MAKASSAR – Baru-baru ini, jagat publik menjadi ramai disebabkan viralnya sebuah video. Trending di berbagai media sosial, video tersebut menampilkan seorang mahasiswa baru yang mengidentifikasi diri sebagai gender netral pada acara penerimaan mahasiswa baru Fakultas Hukum Universitas Hasanuddin.
Akibatnya, pimpinan kampus kemudian mengusir mahasiswa tersebut dari lokasi kegiatan. Sontak hal tersebut menuai perdebatan dan polemik di kalangan masyarakat umum. Ada yang mengkritik perilaku mahasiswa tersebut dan sebaliknya ada pula yang mengkritik sikap dosen yang dianggap mendiskriminasi.
Asrullah, Ketua Umum PP Lidmi sangat menyayangkan sikap amoral dari mahasiswa tersebut. Menurutnya, “konstitusi benar memberikan jaminan terhadap kebebasan berekspresi dan bersikap, namun kebebasan itu juga tidak boleh melawan norma hukum, norma kesusilaan, norma sopan santun maupun norma agama.
Bahkan secara spesifik jika membaca perdebatan risalah pembentukan konstitusi kita, konstruksi paradigma moral-agama itu sangat kental. Apa yang dilakukan oleh pimpinan kampus tersebut sudah tepat dan sejalan dengan spirit konstitusi serta tujuan pendidikan nasional”.
“Negara kita mengakui bahwa hanya terdapat 2 jenis kelamin. Sehingga pertanyaan dari WD 3 yang merupakan pimpinan kampus itu sudah tepat. Bahkan mengeluarkan anak tersebut adalah bagian pembelajaran agar mahasiswa memahami dengan baik norma dan aturan yang ada,” ucapnya.
Memang dalam diskursus dan kajian sosial, gender telah mengalami pergeseran makna. Pada awalnya gender dimaknai sama dengan jenis kelamin sebagai suatu yang teridentifikasi sejak lahir. Namun, seiring dilakukannya berbagai riset, pendekatan gender kini dimaknai sebagai persoalan konstruk sosial.
Menurut Alumnus Fakultas Hukum Unhas ini, gender sebagai sebuah konstruk sosial tidak seharusnya diterima secara mentah-mentah tanpa adanya nalar kritis. Perlu kiranya kita memahami alur dan histori konstruksi metodologis dari bahasan gender, seks, dan seksualitas itu.
“Jika kita melihat sejarah fenomena dan diskursus gender, seks, dan seksualitas sebagai sebuah wacana maka kita harus melihat genealogi kelahirannya jauh pada abad ke-17 di Prancis. Tesis awal Barat berkaitan dalam melihat gender sangat tendensius diakibatkan isu dan pengalaman sejarah di Barat sendiri yang misogini dan penuh disparitas,” ungkapnya.

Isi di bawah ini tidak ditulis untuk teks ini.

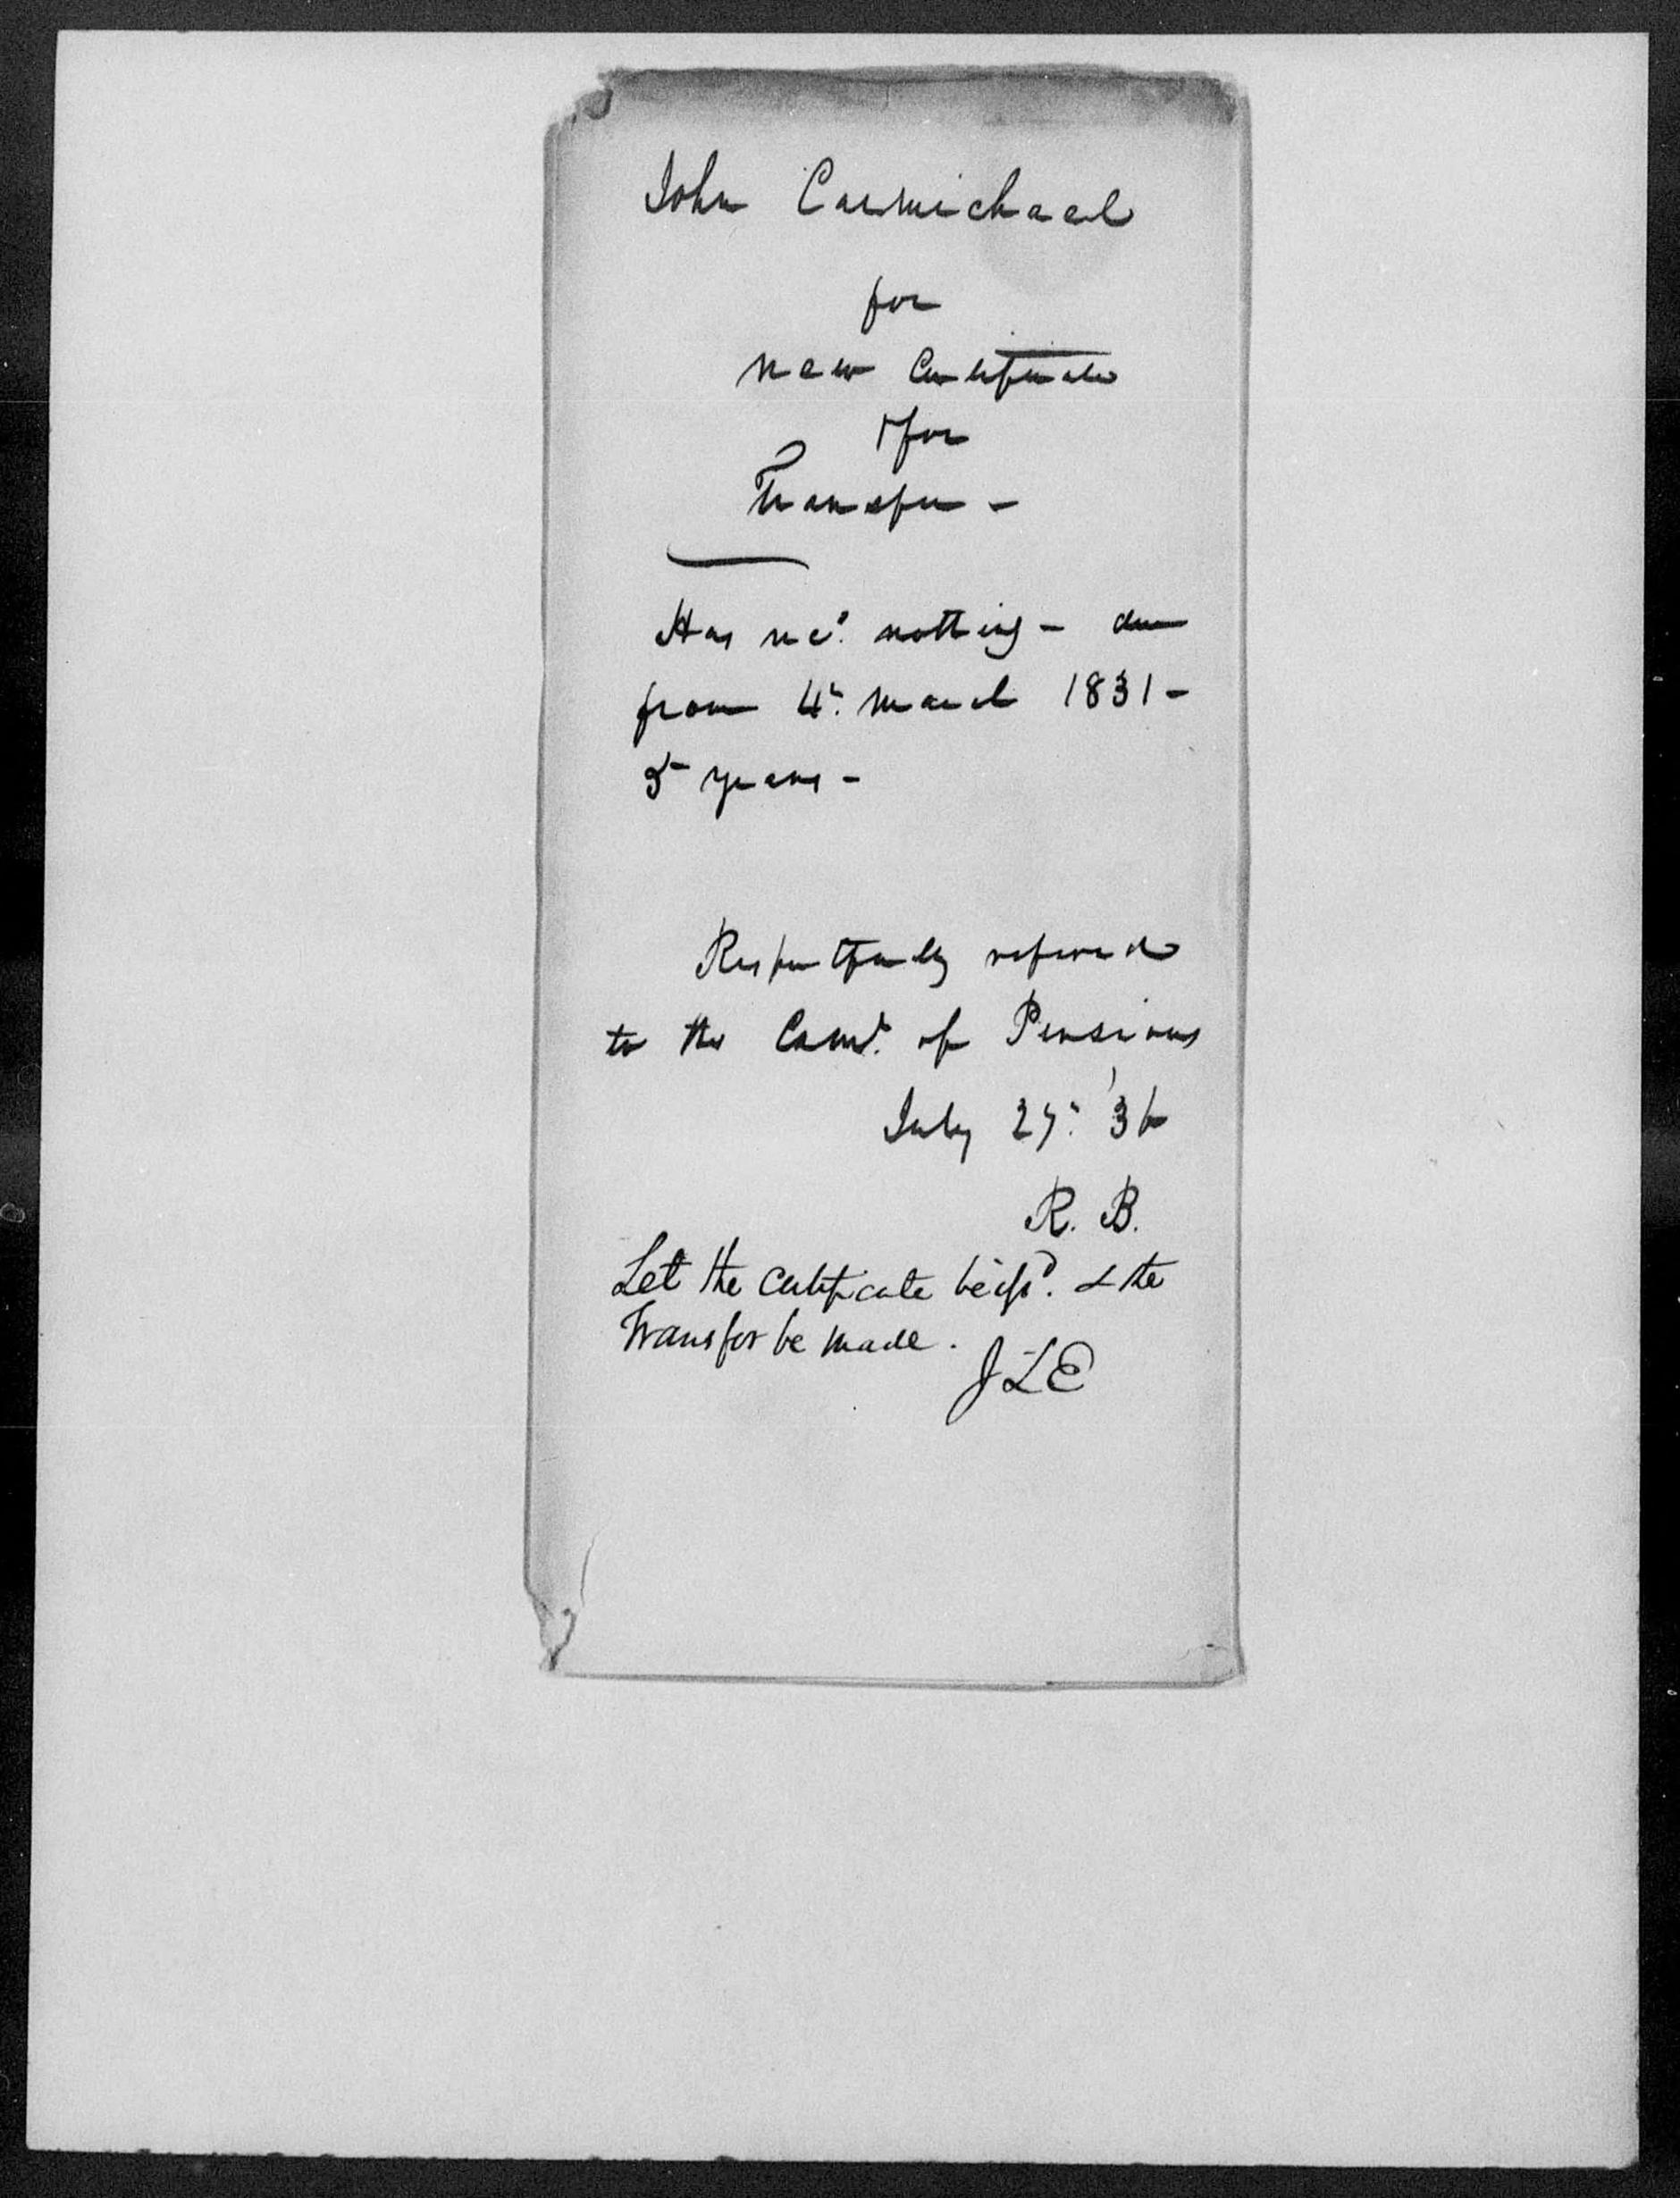John Carmichael
for new certificate for Transfer

Has rec(ieved) nothing - due from 4 March 1831 - 5 years-


Respectfully referred to the Com. of Pensions

                                                July 27, 36

                                                  R.B.

Let the certificate be (??) & let transfer be made.

                                        J.L.E.

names: John Carmichael
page: 13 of 42
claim: survivor's
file: S. 31,595, John Carmickele, Penn.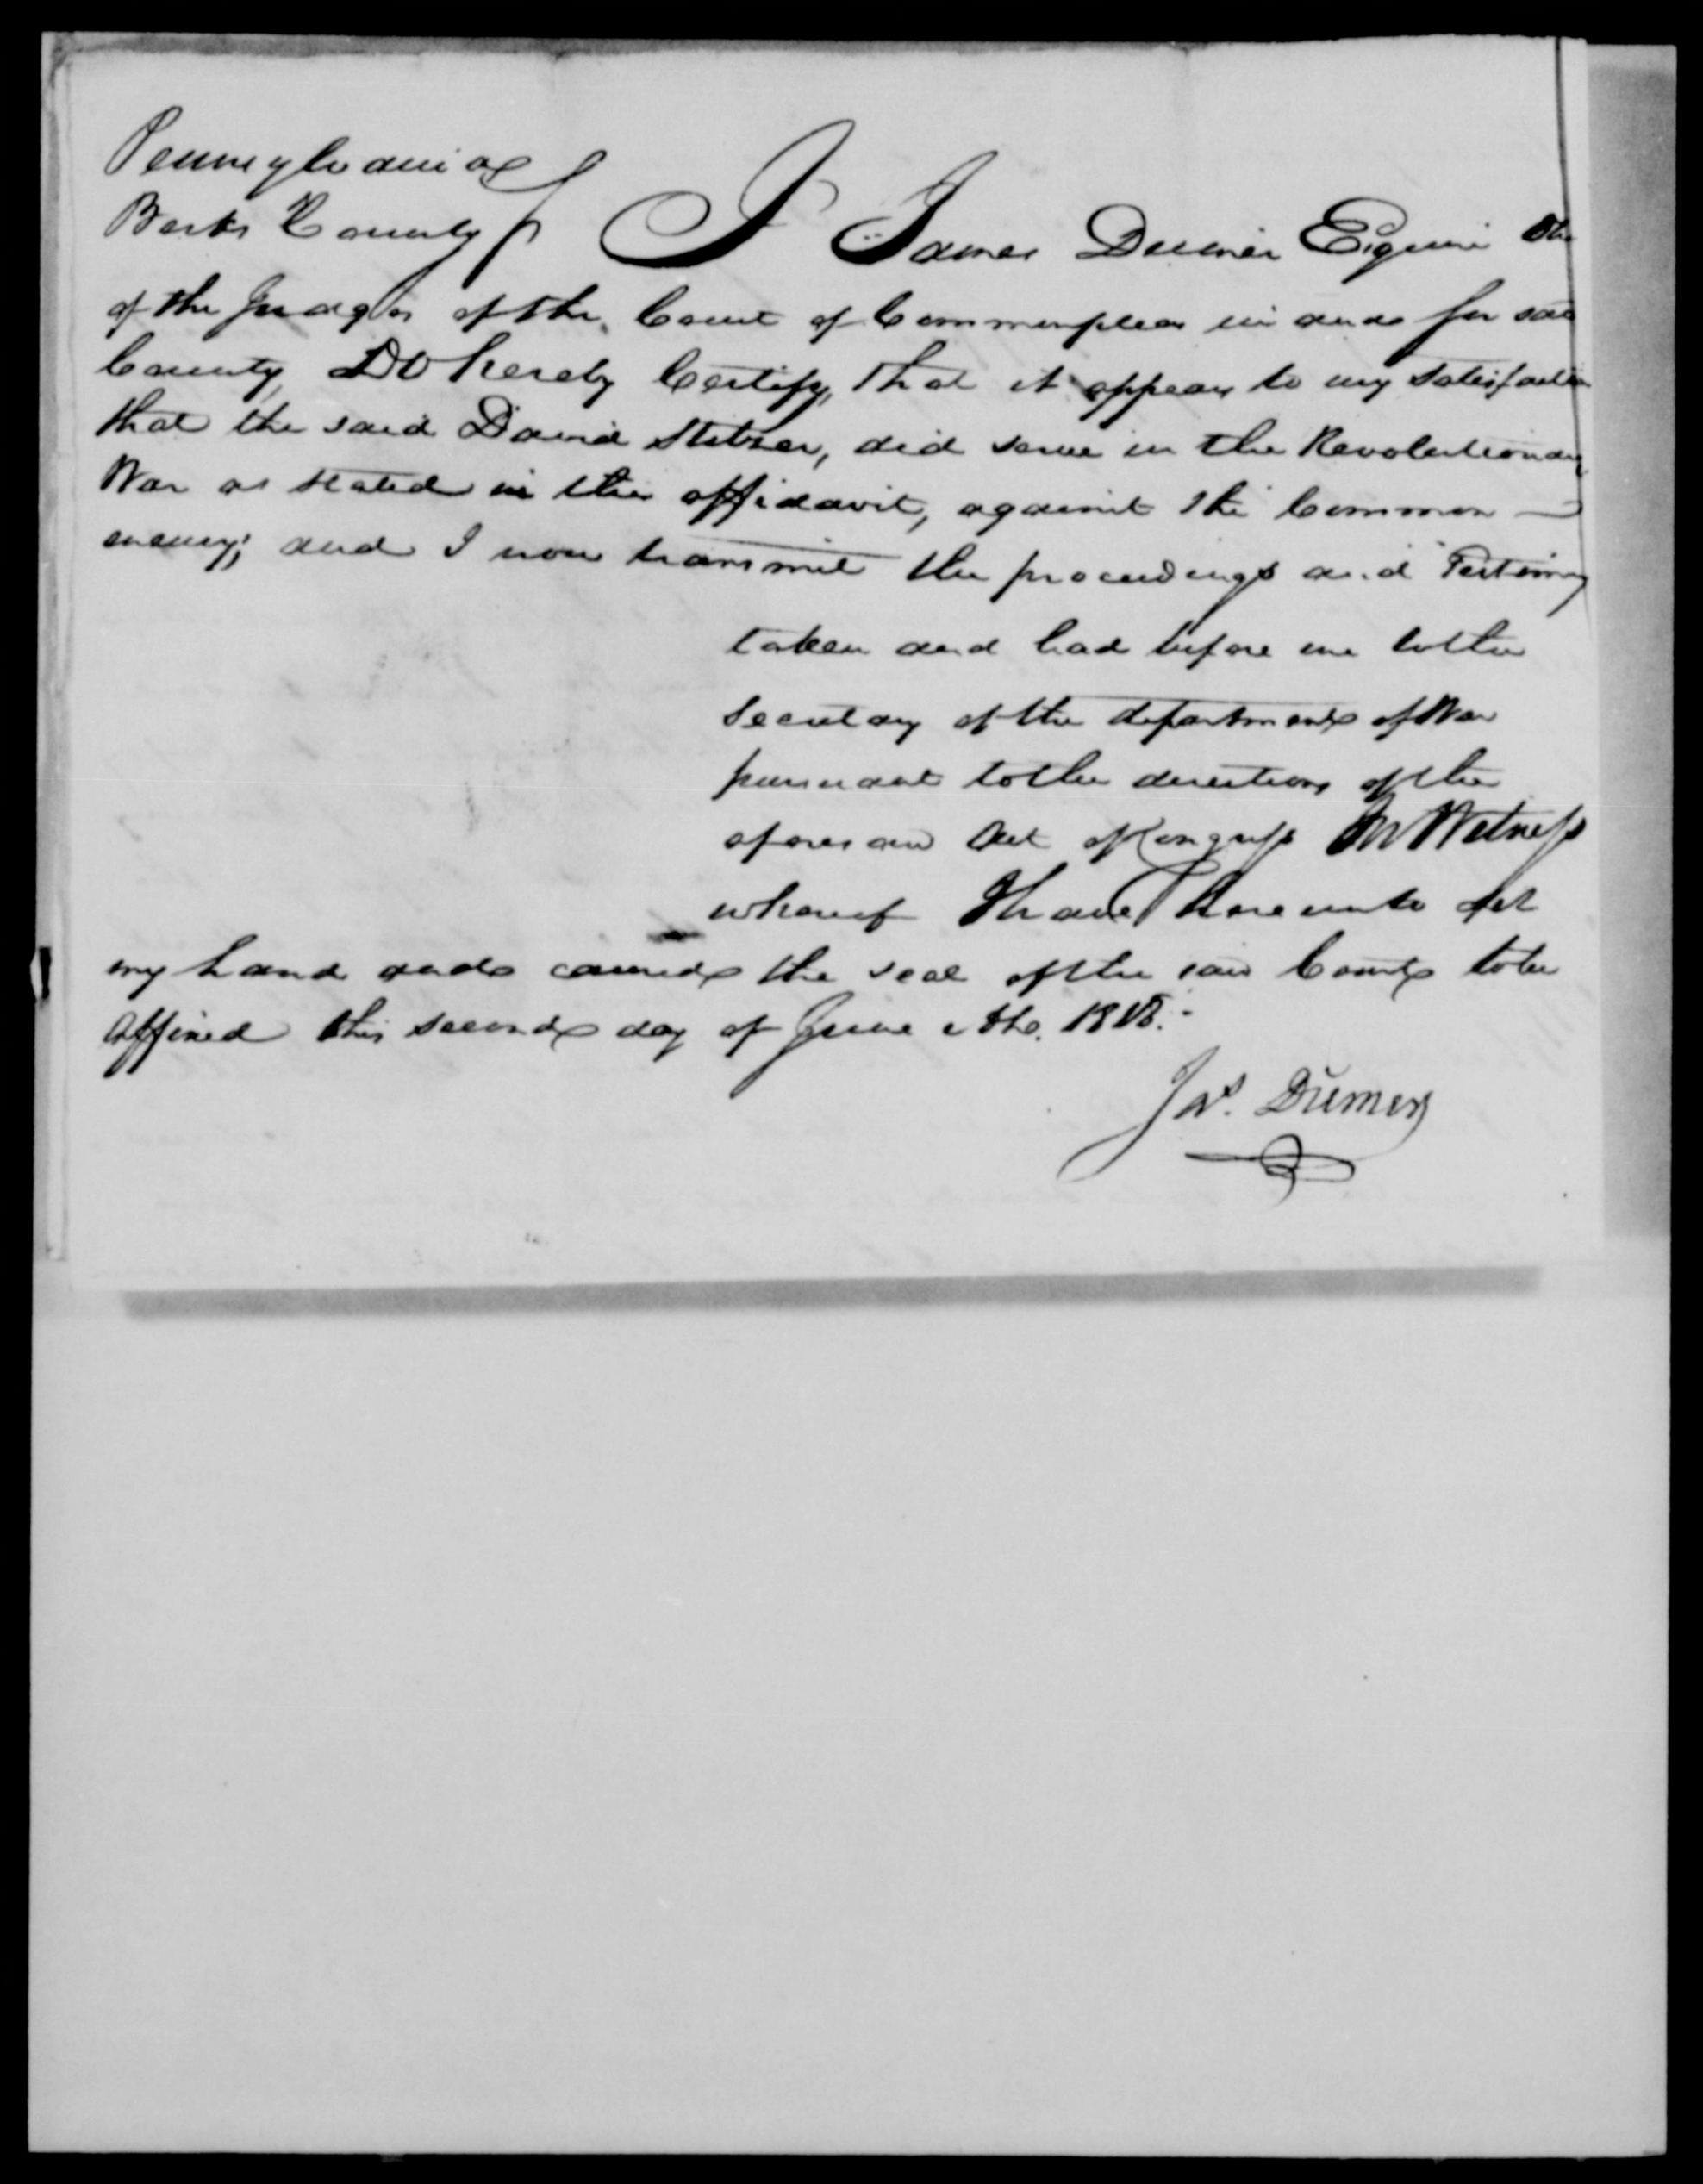Pennsylvania
Berks County, SS.
I, James Deimer, Esquire, one of the Judges of the Court of Common pleas in and for said County, do hereby certify that it appears to my satisfaction that the said David Statser did serve in the Revolutionary War as stated in the affidavit, against the Common enemy and I now transmit the proceedings and testimony taken and had before me to the Secretary of the department of War pursuant to the direction of the aforesaid act of Congress.
In Witness whereof, I have hereunto set my hand and caused the seal of the said County to be affixed this second day of June AD. 1818.
Jas. Diemer

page: 9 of 28
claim: widow's
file: W. 3163, for David Statser, Pennsylvania

Oleh karena itu, problem terbesarnya terletak pada pemahaman dan interpretasi kita terhadap seks, gender, dan seksualitas. Jika hanya dibasiskan pada diskresi personal, maka akan sangat berpotensi meruntuhkan otoritas agama dalam mengkonstruksi gender yang telah ditetapkan.
Lingkar Dakwah Mahasiswa Indonesia, lembaga yang dipimpin Asrullah, menyatakan dengan tegas penolakan terhadap segala jenis unsur LGBTQ+ yang berpotensi merusak moral bangsa. Kampanye LGBT ini pada akhirnya menjadi bumerang bagi terwujudnya insan bangsa intelektual dan beradab yang saat ini berada pada pundak para pemudanya.